P value for the trend test. Score test was used to test the linear trend by treating interaction term as the continuous variable.
P value for the likelihood ratio test.
Discussion
In this hospital-based case-control study, we found that NAT1*10-NAT2*6 and NAT1*11-NAT2*6, with a prevalence of 3% in our study population, may be the at-risk haplotype in the development of pancreatic cancer. Further, people carrying the diplotype NAT1*10/*10 or NAT1*10/*11-NAT2*6A/any allele were more likely to have pancreatic cancer than those carrying other diplotypes. We found carriers of the NAT2*6A/any slow allele to be a predisposing factor for pancreatic cancer among smokers with a history of diabetes. Meanwhile, we confirmed our previous observation that NAT1 rapid (*10 and *11) and NAT2 slow acetylator alleles were associated with a significantly increased risk of pancreatic cancer among the entire study population and among heavy smokers, respectively (17). These replicated associations are likely to be true based on the FPRP calculation. Our study provides further evidence supporting an important role of N-acetylation polymorphisms in the etiology of pancreatic cancer.

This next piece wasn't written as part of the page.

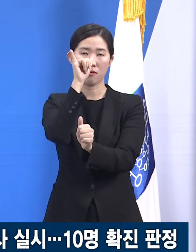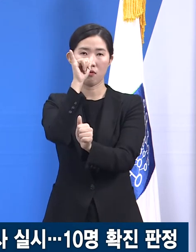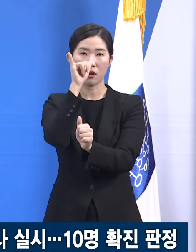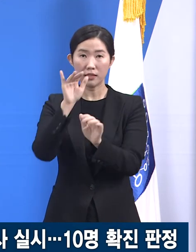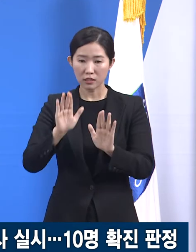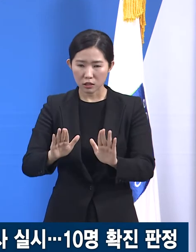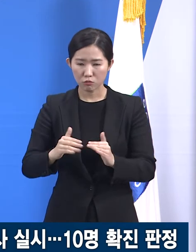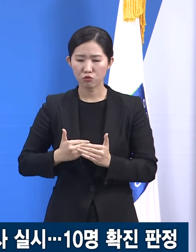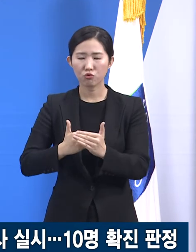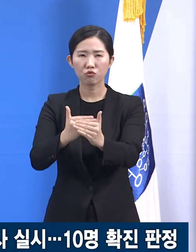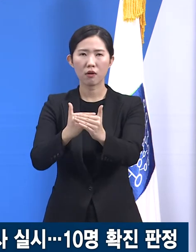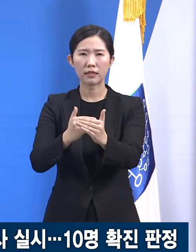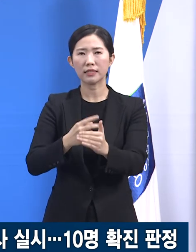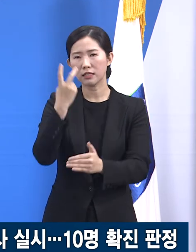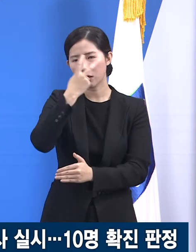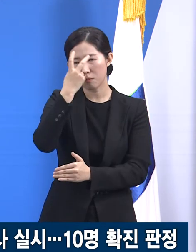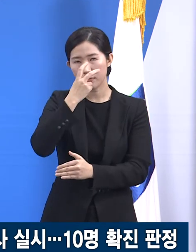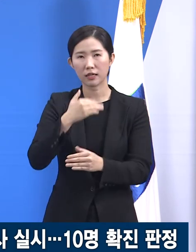진행 중입니다.
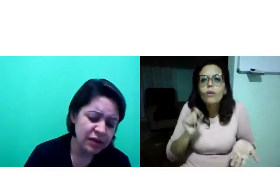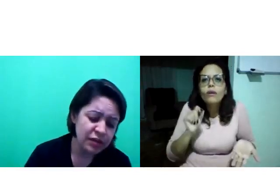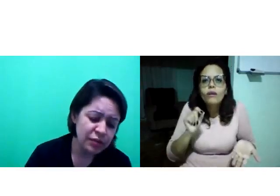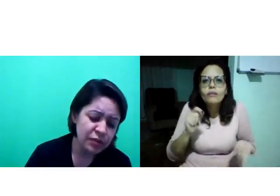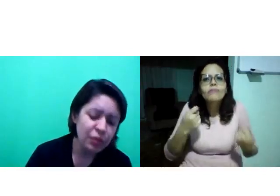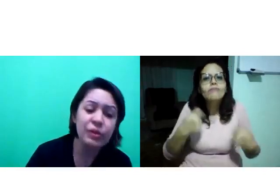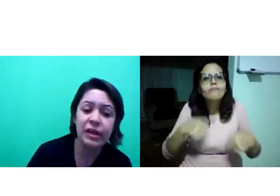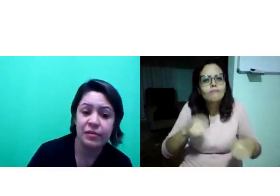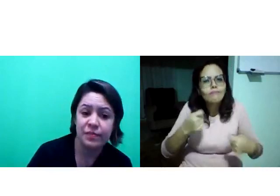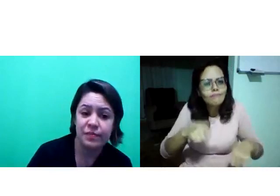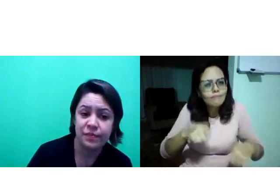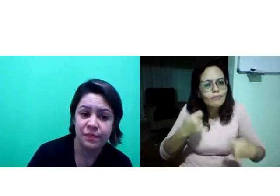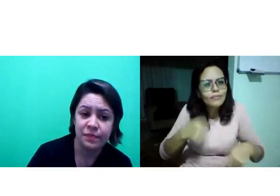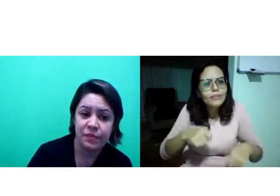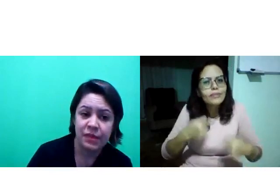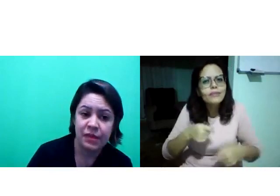Cortar. O que?

The genotype analysis found a significantly increased risk for pancreatic cancer in NAT1*10 or NAT1*11 carriers. The genotype-phenotype relationship for NAT1*10 and NAT1*11 allele has not been well elucidated (25, 26, 28) as for NAT2 gene (15). The NAT1*10 allele may be a rapid acetylator allele because it has been associated with elevated NAT1 activity in bladder and colon tissues (28) and higher levels of DNA adducts in urinary bladder mucosa (29) as well as an increased risk of colorectal (28), bladder (30), and breast cancer (31). The NAT1*11 allele may also be a rapid allele. One study found that the missense G445A (Val149Ile) substitution yielded recombinant NAT1 proteins that were twice as active as the wild-type protein in N-hydroxy-aromatic amine acetylation (32). The NAT1*11 allele has been linked to an elevated risk of breast cancer associated with smoking or the consumption of well-done meat (22). The study on phenotype of NAT2 alleles was done in a caffeine test; the acetylation activity of *5/*6A was significantly lower than that of *5/*5 and the *6A/*6A genotype was even less active (33) The current study confirmed our previous observation that NAT2 slow allele was associated with increased risk of pancreatic cancer among heavy smokers.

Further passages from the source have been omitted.